Step 1: Bake and cool cookies before decorating. Make sure cookies are fully cooled. If they are warm, the icing will run off of them. Make royal icing. Learn how to mix different consistencies of royal icing here>>
Prepare the following icing colors:
Piping Consistency:
White
Sage Green (create sage green by mixing leaf green with a tiny amount of mocha brown and super black food coloring)
Yellow
Flood Consistency:
White
Sage Green
Yellow
Pro Tip: To get softer, more pastel colors, mix bright white into your brighter hues.
Step 2: Outline the rim of the bottle with green piping consistency icing. It will look like an elongated oval.

Step 3: Outline the main area of the bottle with white piping consistency icing.

Step 4: Using green flood consistency icing, fill in the elongated oval at the rim of the bottle. Use a scribe tool or toothpick to ensure full coverage. Let dry for 30-60 minutes, or until crusted over.

Step 5: Using flood-consistency white icing, fill in the main part of the bottle with white icing.
Pro tip: Pipe a few squiggles of piping consistency icing in the body of the bottle before flooding. Flood with white flood consistency icing while the squiggles are still wet. These squiggles will help to prevent your flood icing from collapsing in the center and creating craters.
If you want definition when piping two colors next to each other, it can be helpful to stop just shy of the edge and without applying pressure to the bag, coax the icing to the edge. You can also use a toothpick or scribe to help guide the icing to the edge.

Step 6: Once the green icing is dry, pipe the bottle tip. Using yellow piping consistency icing, outline the top of the bottle. Then, using flood-consistency yellow icing, fill in the area, using a scribe tool or toothpick to ensure full coverage.
Ensure that all of your flood consistency icing is dry before moving on to the next step. It will take 30-60 minutes to dry.

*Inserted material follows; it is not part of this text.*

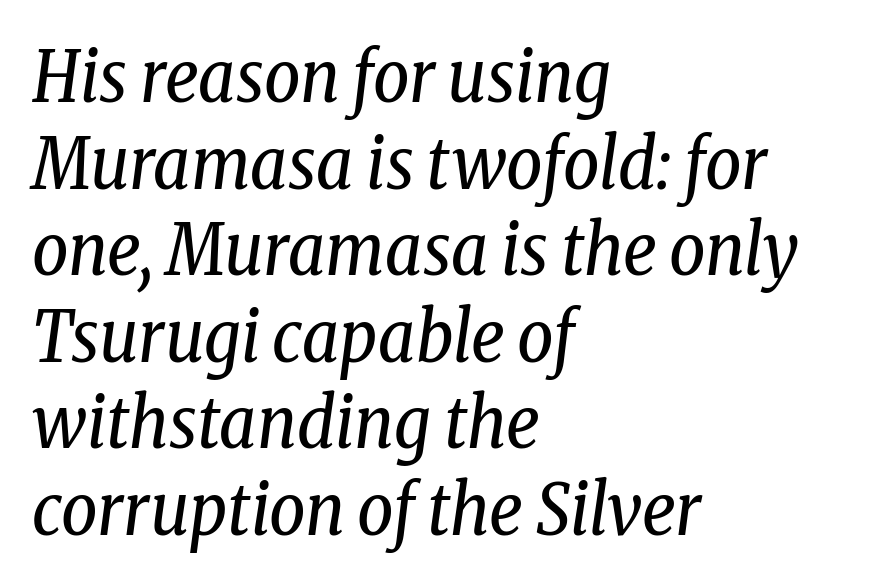
The image shows 71 px regular-weight, condensed serif type, italic (leaning right); set left-aligned, line spacing 1.22x, normal letter spacing, not underlined; low stroke contrast and a medium x-height.

Step 7: Time for detail work! Using white piping consistency icing and a piping bag with a very fine tip, pipe lines on the side of the bottle to denote measurements. This added texture makes the bottle look more realistic and professionally done. Remember that the flood consistency you're piping onto may still be soft, so be careful to not touch it while piping details.

Step 8: With green piping consistency royal icing, add vertical squiggles to the rim of the bottle to create detail in that area.

Step 9: To add a sprig of greenery, use your green piping consistency icing to pipe a small, fine curved line. This will be the stem of the greenery. Using the same fine piping tip, gently pipe leaves, starting at the tips of the leaves and bringing your piping bag inward toward the stem. This will ensure that if you apply too much pressure and end up with fatter leaves, they will be larger at the tips of the leaves and will narrow down to a point toward the stem, which looks more realistic than the alternative.

Perfect for baby showers, these darling cookies offer a sweet way to welcome a little one into the world.